Tu sais, toute cette base, depuis l'automatisme jusque toutes les choses que l'on fait par habitude, c'est... (oui, il y a une énorme quantité de choses que l'on fait automatiquement)... parti. Et alors c'est... difficile.
(silence)
C'est ça: surtout-surtout manger, parce qu'il y a extrêmement longtemps (il y a de nombreuses années) qu'il n'y a pas d'intérêt pour la nourriture, du tout. C'est pris seulement... C'est pris avec une certaine connaissance de ce qu'il faut, mais c'est tout; eh bien, maintenant, c'est... presque difficile d'avaler. C'est cela surtout: très difficile d'avaler.

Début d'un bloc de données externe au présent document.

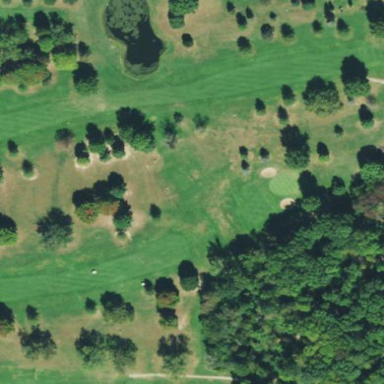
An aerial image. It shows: Golf fairway in the image.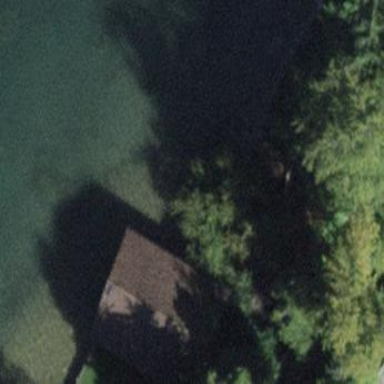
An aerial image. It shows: Boathouse.
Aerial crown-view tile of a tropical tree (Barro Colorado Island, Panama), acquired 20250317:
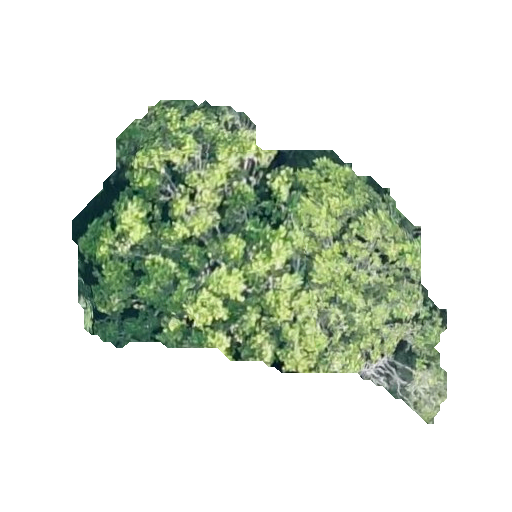
Species: Poulsenia armata
GBIF accepted scientific name: Poulsenia armata
Crown area: 111.143 m²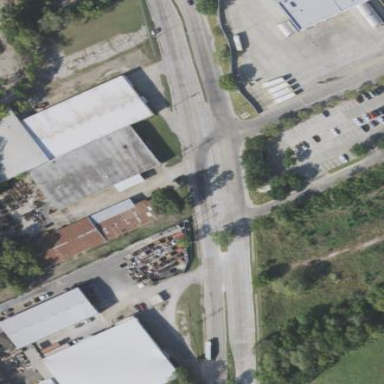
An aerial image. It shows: Commercial building.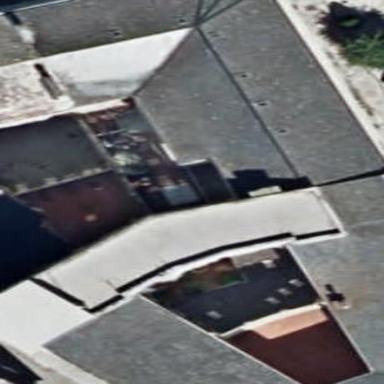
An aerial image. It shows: Part of building.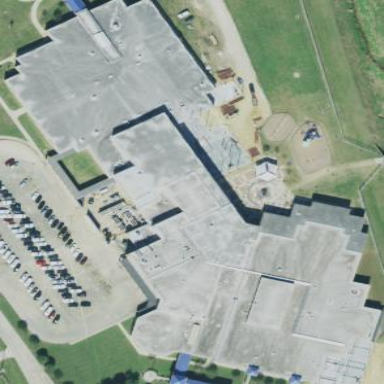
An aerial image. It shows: School building.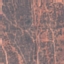
Land use / land cover class: HerbaceousVegetation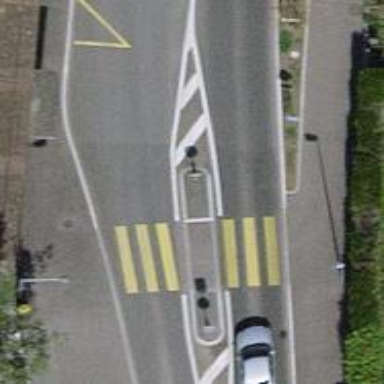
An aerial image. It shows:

(Mère entre en contemplation)
Il y a une difficulté pour respirer aussi. La respiration est... est courte.
(silence)
Qu'est-ce qui va arriver? Je ne sais pas. (Mère rit)
Mais la Puissance est de plus en plus massive, on a l'impression.

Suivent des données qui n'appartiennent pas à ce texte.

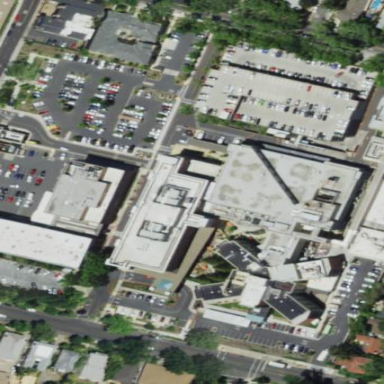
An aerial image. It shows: Hospital building.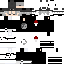
A male skeleton skin with dark skin, wearing brown helmet dressed in a black hoodie and black pants, featuring a closed mouth.
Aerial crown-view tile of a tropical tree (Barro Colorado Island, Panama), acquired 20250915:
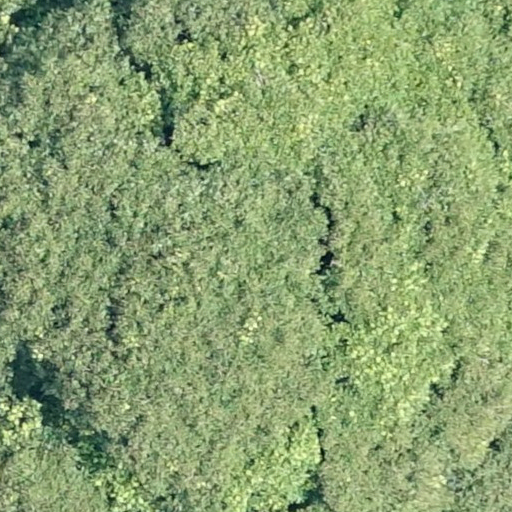
Species: Dipteryx oleifera
GBIF accepted scientific name: Dipteryx oleifera
Crown area: 721.808 m²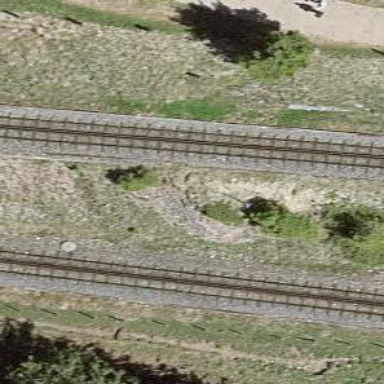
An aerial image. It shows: Retaining wall.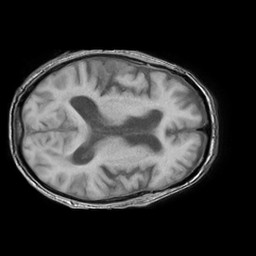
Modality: T1w
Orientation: axial
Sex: male
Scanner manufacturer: philips
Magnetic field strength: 1.5 T
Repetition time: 0.1818 s
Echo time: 0.001899 s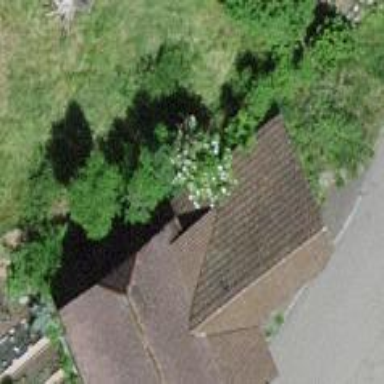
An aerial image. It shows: Barn.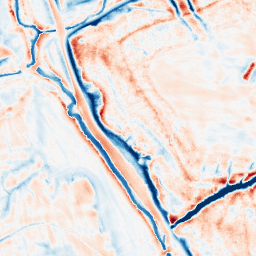
Category: edge_preserving
Decomposition family: bilateral
Decomposition parameters: d: 21
sigma_color: 50
sigma_space: 25
Upsampling method: regularized
Upsampling parameters: scale: 4
lambda_reg: 0.01
Upsampling scale: 4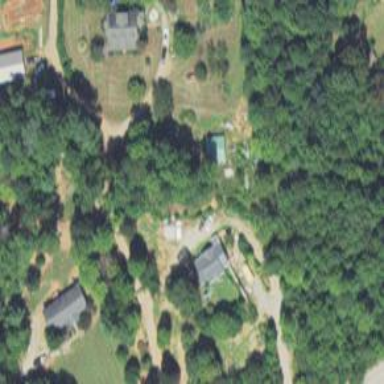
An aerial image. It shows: Driveway.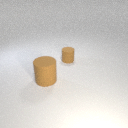
small brown rubber cylinder behind large brown rubber cylinder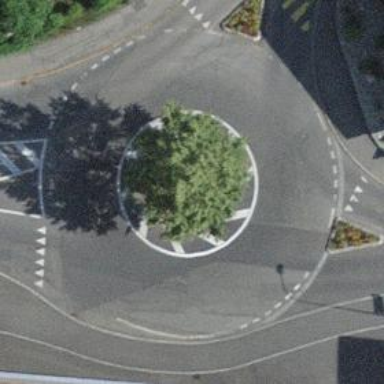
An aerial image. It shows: Residential road with asphalt surface leading to roundabout.
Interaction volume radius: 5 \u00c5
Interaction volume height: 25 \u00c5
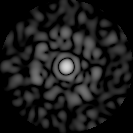
Disorder parameter: 0.8495

Oui-oui. Oh! et parfois... Écoute, hier, j'ai vu un garçon qui s'était mis de travers (il est à Auroville). Il s'est mis de travers, il était révolté, il ne voulait plus rien faire. Enfin... Alors je lui ai écrit de venir... Tous les mardi, ils viennent d'Auroville, à quatre. Il est venu avec eux. Il est entré... fermé, bloqué. Je n'ai absolument rien dit, je l'ai regardé, simplement regardé... (geste). Au bout de quelques minutes, brrt! tout fondu. Et alors il l'a exprimé.
Sans rien dire, rien, aucun mot, simplement...
Et tout le temps, tout le temps il y a des choses comme cela. C'est curieux, le corps sert d'intermédiaire (geste de rayonnement à travers le corps), comme ça, simplement comme ça.
(silence)
Mais je suis tout le temps essoufflée... Je ne crois pas qu'il y ait rien de malade. Je n'ai pas cette impression. Au contraire, j'ai

 

l'impression que certaines choses s'arrangent plutôt (pas, rien-rien de spectaculaire enfin, mais il y a des choses qui s'arrangent). Mais deux difficultés: l'une, c'est la respiration: courte, très courte; et l'autre, c'est de manger... Boire, je peux encore boire. Sais pas.
Et je voudrais bien ne pas arriver à un état où l'on me demanderait de voir un docteur, parce qu'ils ne peuvent pas comprendre... Je t'ai donné des fleurs?